In the microsomal fraction isolated from rat incisor odontoblasts, the influence of several inhibitors on p-nitrophenyl phosphatase activity (p-NPPase) was demonstrated at pH 10.3 and compared with the influence at pH 8.8. The inhibiting effect of EDTA on the p-NPPase activity was reversed by equimolar concentrations of Zn2+. The inhibitory effect of three diphosphonates, ethane-1-hydroxydiphosphonate (EHDP), methanediphosphonate (MDP), and dichloromethanediphosphonate (Cl2MDP) was equal to that of a chelating agent. Tetramisole and levamisole exerted an inhibitory effect that was different from the complexing type. L-Cystein, but not L-ascorbic acid, inhibited p-NPPase activity with a maximum inhibitory effect at pH 10.5.

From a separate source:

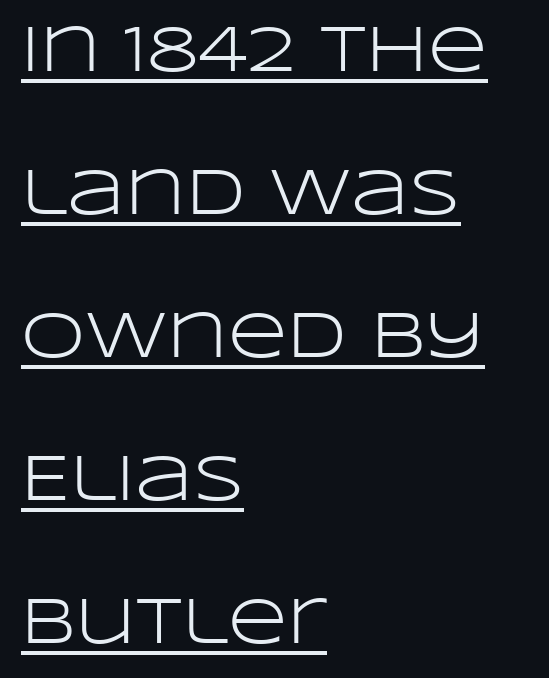
{"serif": "no", "italic": "no", "bold": "no", "weight": "light", "width": "wide", "stroke_contrast": "low", "x_height": "large", "monospaced": "no", "underline": "yes", "align": "left", "line_spacing": "loose", "line_spacing_ratio": 2.2, "letter_spacing": "normal", "letter_spacing_em": 0.0, "glyph_px": 65}

在从大鼠切牙成牙本质细胞分离出的微粒体部分中,在pH 10.3条件下证明了几种抑制剂对对硝基苯磷酸酶活性(p-NPPase)的影响,并与pH 8.8时的影响进行了比较。等摩尔浓度的Zn2+可逆转EDTA对p-NPPase活性的抑制作用。三种双膦酸盐,即乙烷-1-羟基双膦酸盐(EHDP)、甲撑双膦酸盐(MDP)和二氯甲撑双膦酸盐(Cl2MDP)的抑制作用与螯合剂的抑制作用相当。四咪唑和左旋咪唑产生的抑制作用与络合类型不同。L-半胱氨酸而非L-抗坏血酸可抑制p-NPPase活性,在pH 10.5时具有最大抑制作用。